In this research, a portable sensor device based on a commercial three gold electrode sensor was developed containing electronic instrumentalization, post processing software and plug and play capability. 48 blood samples were taken with each sample containing 50 micro liters of blood. A portion of the samples were used to calibrate the device while the rest of the samples were reserved to test the accuracy of the device. After testing the accuracy rate of the device was found to be around 98%
In a project done by Sachin D. Khirade to detect diseases in plants he has used image processing. In this scenario the researcher has been using steps like image acquisition, image pre-processing, feature extraction and classification to detect the changes in the plants by continually monitoring the changes in those plants by the means of image processing. The feature extraction method plays an important role in identification of the object. This stage is used in image processing to detect colour, texture, morphology and edges. So, in this project the texture is detected in order to make sure the there are certain changes that could be detected.
The next project that is done by R. Bhattacharyya which is using RFID the ability to test for anaemia. In their project they use a method there they would be able to send a certain frequency to detect if there are an ample amount of red blood cells in a given quantity of blood inside the body. Therefore, in order to detect that they have been shall be using a frequency and send it back and retrieve the relevant data and analyse whether there is a difference between the normal person’s blood and an anaemia infected patient.
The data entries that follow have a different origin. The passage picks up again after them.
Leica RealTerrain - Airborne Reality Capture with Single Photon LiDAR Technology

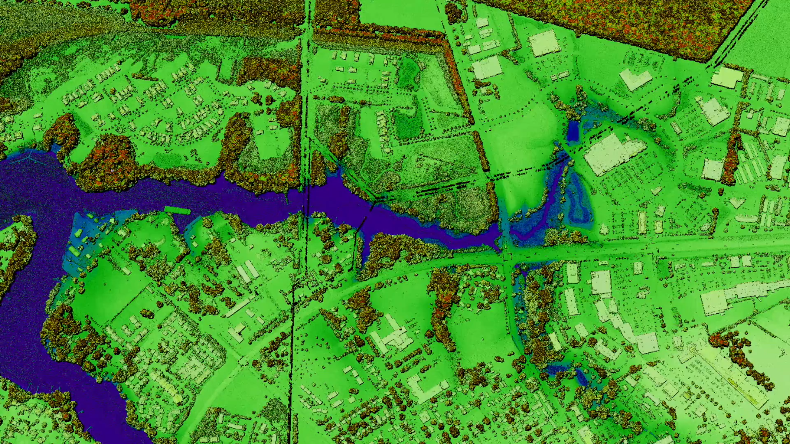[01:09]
Together with HexMap, our high-performance processing workflow and its integrated LiDAR module,
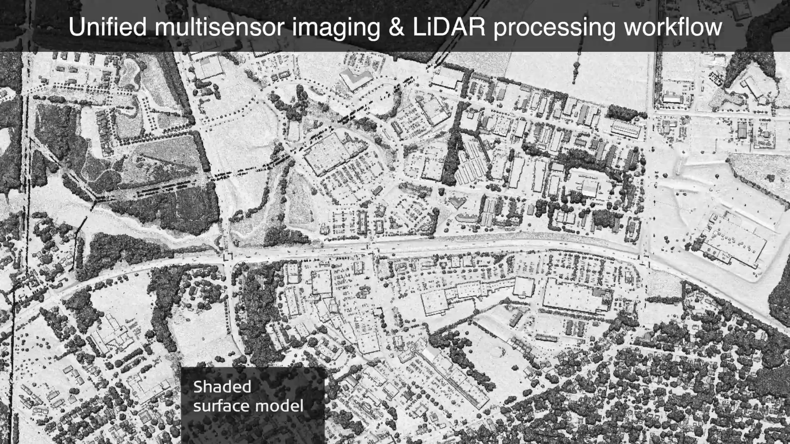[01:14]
you can rapidly process and visualize even the largest point
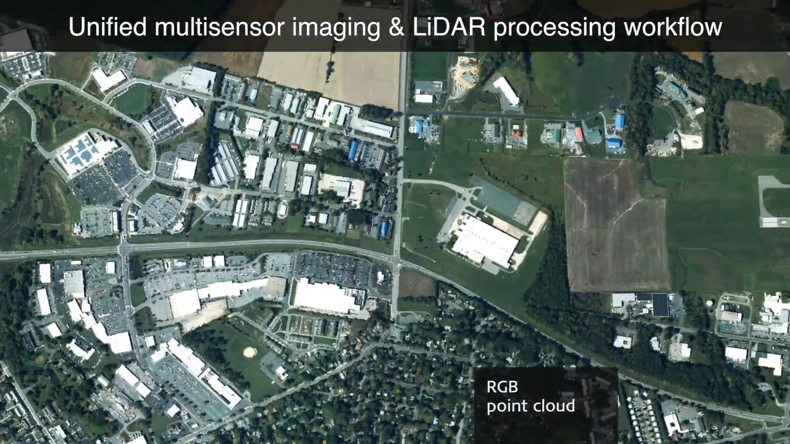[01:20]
clouds and transform them into reliable information sources.
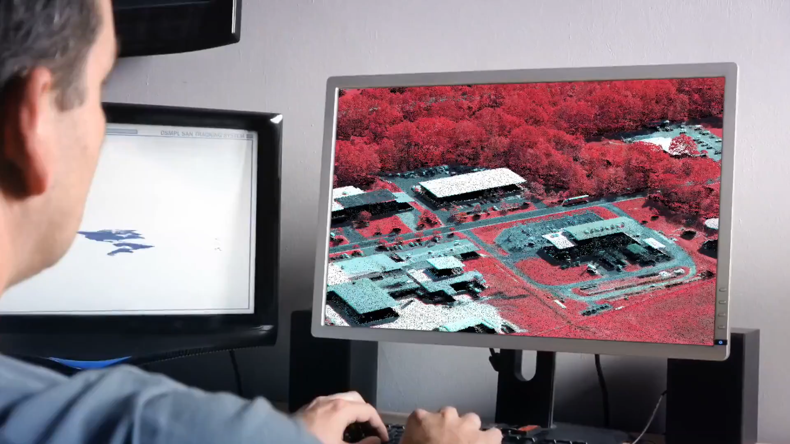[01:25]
Of course, Leica Real Terrain does not only allow you to obtain the densest point clouds over the largest areas at the lowest cost per point.

In an anaemia infected patient anyways there will be lower red blood cell count. Therefore in there project they have used a sensor which is capable of reliably differencing between blood having different red blood cells concentration by volume. Therefore, according to this project the Red Blood count is taken by volume and is checked for anaemia.
According the project by Meherwar Fatima on the topic, “Survey of Machine Learning Algorithms for Disease Diagnostic” has discussed on the types of machine learning algorithms that are available on detecting heart attacks. Crucially one of those algorithms is supervised learning type. Therefore, this type of algorithm can be used in machine learning to detect the diseases. Pattern recognition and data classification methodology should be used to detect the exact cause and could be designed easily to detect the disease and make sure the patients would be able to diagnose the disease through these systems. Using different algorithms heart diseases, diabetics, liver diseases, dengue and hepatitis can be identified. In our project the team shall be using machine learning algorithms in order to detect anemia and increase the accuracy, which is crucial.
Although there are many methods of identifying this disease most of them are done by laboratory tests and are more invasive methods, by taking blood and testing those. Which would take more time and needs complex systems to function to identify whether the patient is either diagnosed with this disease or not. Therefore, identifying the disease with a more portable machine is the best way to detect the disease. But the device would only be eligible for detecting one symptom but in the mentioned method the research group shall be using plenty of input to decide whether the person is diagnosed with this disease or not. In order to do this, the team shall be using a non-invasive method. For this the team shall be developing a device and an app so that the team can get many inputs so that our accuracy increases when the team can state whether the patient is diagnosed with this disease or not.
Anemia is easier to treat early on and as the disease progresses, the effects of it becomes more severe and can even lead to death. Therefore there is a need for a system to detect anemia at an early stage.
The lack of an easy to use and portable device/method to detect anemia in a person is a significant problem. Most commonly used method to detect anemia in Sri Lanka require laboratory equipment.
Testing blood samples is genrally considered more reliable than other methods/device for anemia testing and this is the commonly used method in Sri Lanka. A non-invasive method would be preferred as this would also reduce the chance of infections in areas with limited resources.
Most of the alternative methods to blood testing are focused on only one symptom. There is a lack of methods which take many of the other symptoms into consideration when testing for anemia.
There is a lack of datasets related to this type of research where images of the skin of patients are taken especially in the Sri Lankan context.
A compact device and a mobile application will be used to take inputs which ensures portability and easy of use.
The device and mobile application will be made in a way that reusability is greatly enabled unlike in traditional methods.
The inputs taken by the device as well as the answers obtained via the questionnaire in the mobile application are used to produce the results.
Machine Learning will be used to train the predictive moel used to produce the results which can be evolved to adapt to changes.
The hardware device which used to take images of the skin of a patient is connected to the image processing algorithm running on a seperate server via the internet. This image processing algorithm is used to for image detection where the image is classified as an image of an anemia patient or a healthy person. Then this result is stored in the Firebase datastore which is the backend system used for the system. This datastore is integrated with the mobile apllication and thus acts as the daabase for the system. After taking a reading from the hardware device, the patient answers a questionnaire in the mobile application and those answers are then stored in the datastore. Then the image processing result and the questionnaire result are sent to the web service of the machine learning predictive model. This predictive model is the result of training a machine learning algorithm with the dataset collected by the research team earlier. The web serive of the predictive model then returns the final result which is a prediction of the diagnosis of the user and this is stored in the datastore. Then the mobile application retrieves this diagnosis and displays it to the the user.